3. What are the final test metrics that you are getting for you configuration? 

### Take a look at the default prompt

In [None]:
from llama_index.core import PromptTemplate

In [None]:
# define prompt viewing function for the prompt we care about
prompt_template_key = "response_synthesizer:text_qa_template"

def get_response_synthesizer_text_qa_prompt(prompts_dict):
    for k, p in prompts_dict.items():
        if k == "response_synthesizer:text_qa_template":
            return p.get_template()

In [None]:
default_prompt = get_response_synthesizer_text_qa_prompt(query_engine.get_prompts())
print(default_prompt)

In [None]:
example_query="""Based on Paul Graham's experience, why did he initially lose interest in studying philosophy
and switch to AI in college?"""

In [None]:
response = query_engine.query(example_query)
print(response)

In [None]:
# Example alternate prompt

# The objective being, for this example, to get a more concise and clear answer
new_text_qa_prompt_str = (
    "You are an expert at book editor.\n"
    "Your task is to answer readers questions on the given information context,"
    "in a clear, consise and friendly, manner, in two or three sentences.\n"
    "If the answer to their question is not available from the context,"
    "reply that the question cannot be answered given the information that you have."
    "Output the answer directly without a preamble,"
    "(e.g. without saying `Based on the context,` or similar)."
    "<context>\n"
    "{context_str}\n"
    "</context>\n"
    "Given the context and not prior knowledge, "
    "Query: {query_str}\n"
    "Answer: "
)


In [None]:
# update the qa_prompt to the new prompt

query_engine.update_prompts(
    {prompt_template_key: PromptTemplate(new_text_qa_prompt_str)}
)

In [None]:
response = query_engine.query(example_query)
print(response)

**Note** Once you have updated the query_engine with your prompt then re-run the tests

----

-----
# Assignment Task #4: Wrapping Up

1. Do you think your customer would be satisified with the results? If there were not, what would you offer to do? 
2. We have been testing using 3 of the available end to end RAG evaluation methods supported by Llamaindex, which one or two might you also include for you customer, and why?
3. In two or three sentences, note how you might further experiment and improve your RAG pipeline, if your customer gave you more money to make it better.

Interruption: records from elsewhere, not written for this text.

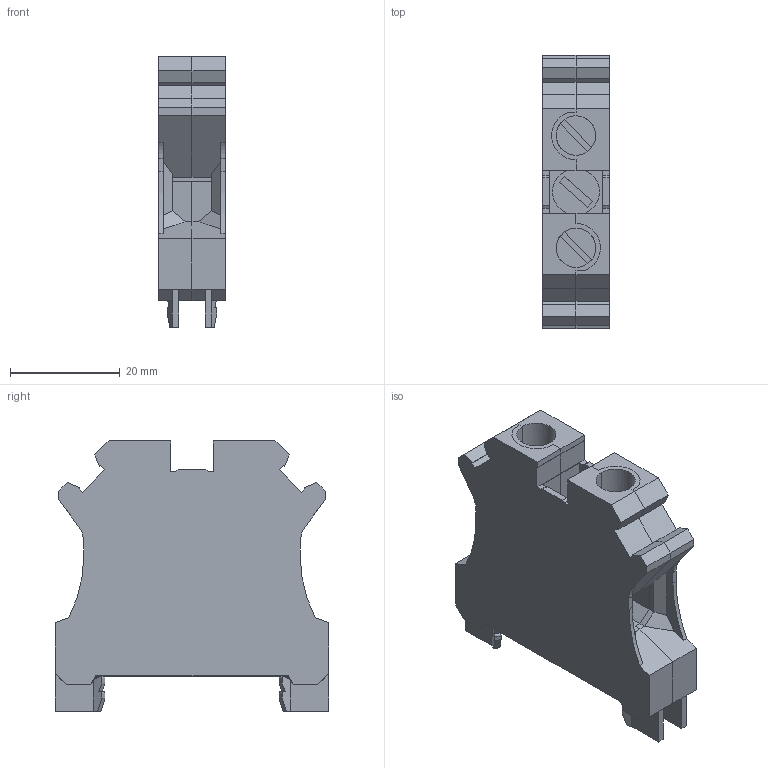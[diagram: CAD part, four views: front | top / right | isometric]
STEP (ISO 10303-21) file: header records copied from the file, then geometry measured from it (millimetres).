
FILE_DESCRIPTION(('STEP AP214'),'1');
FILE_NAME('cctmp_9078E82F-972C-467F-B601-10020946ECEA_2023_07_24_09_23_32_0248..stp','2023-07-24T07:23:32',('SIEMENS A&D'),('CADClick - www.CADClick.com'),'Spatial InterOp 3D postprocessed',' ','unknown authorization');
FILE_SCHEMA(('AUTOMOTIVE_DESIGN'));
Length unit declared in the file: millimetre
Products named in the file (1): 2023_07_24_09_23_32_0224
Bounding box: 12.15 x 50 x 49.35 mm (x, y, z)
Volume: 18663.1 mm3; surface area: 8458 mm2
Topology: 1 solids, 1 shells, 358 faces, 1001 edges, 650 vertices
Faces by surface type: plane 322, cylinder 24, cone 4, bspline 4, torus 4
Entity records: 12735 total; most frequent: CARTESIAN_POINT 2364, ORIENTED_EDGE 2002, DIRECTION 1799, EDGE_CURVE 1001, LINE 881, VECTOR 881, VERTEX_POINT 650, AXIS2_PLACEMENT_3D 459
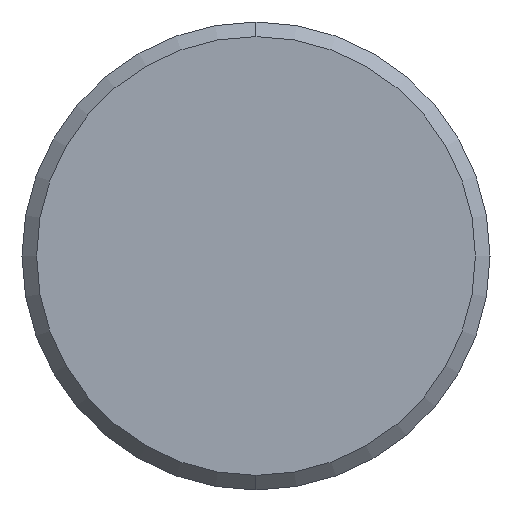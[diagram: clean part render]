
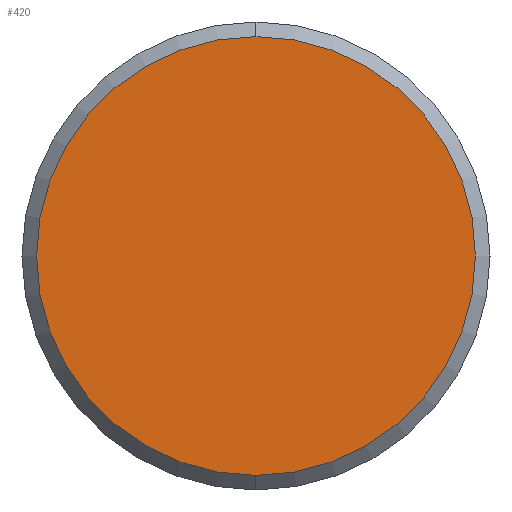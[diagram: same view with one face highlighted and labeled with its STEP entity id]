
A CAD part, left-side view. The second image highlights one B-rep face of the part: STEP entity #420.
In plain terms, the highlighted face is planar.
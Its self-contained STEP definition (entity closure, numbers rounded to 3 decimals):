
#251=CARTESIAN_POINT('',(0.,0.,0.));
#252=DIRECTION('',(0.,0.,1.));
#253=DIRECTION('',(-1.,0.,0.));
#254=AXIS2_PLACEMENT_3D('',#251,#252,#253);
#259=CARTESIAN_POINT('',(0.,0.,0.));
#260=DIRECTION('',(0.,0.,-1.));
#261=DIRECTION('',(-1.,0.,0.));
#262=AXIS2_PLACEMENT_3D('',#259,#260,#261);
#268=CARTESIAN_POINT('',(-3.75,0.,0.));
#270=VERTEX_POINT('',#268);
#272=CARTESIAN_POINT('',(3.75,0.,0.));
#274=VERTEX_POINT('',#272);
#411=CARTESIAN_POINT('',(0.,0.,0.));
#412=DIRECTION('',(0.,0.,-1.));
#413=DIRECTION('',(1.,0.,0.));
#414=AXIS2_PLACEMENT_3D('',#411,#412,#413);
#415=PLANE('',#414);
#416=ORIENTED_EDGE('',*,*,#404,.F.);
#417=ORIENTED_EDGE('',*,*,#393,.T.);
#418=EDGE_LOOP('',(#416,#417));
#419=FACE_OUTER_BOUND('',#418,.F.);
#255=CIRCLE('',#254,3.75);
#263=CIRCLE('',#262,3.75);
#393=EDGE_CURVE('',#270,#274,#263,.T.);
#404=EDGE_CURVE('',#270,#274,#255,.T.);
#420=ADVANCED_FACE('',(#419),#415,.F.);

## The following assignment tasks are completely optional 
The follow tasks are intended for students who want to dive deeper. They are more open ended and require changing and augmenting the code share above.

**Optional Task 1** Configure the query_engine to use an LLM from another LLM service provider and re-run the tests.

You may be able to reduce the sleep_number for throttling to speed up your testing, depending on the LLM service


**Optional Task 2** Add a reranking capability to the query engine

Adding an LLM Reranker to the query engine only requires a few lines of code and will increase you solution accuracy while reducing inference costs.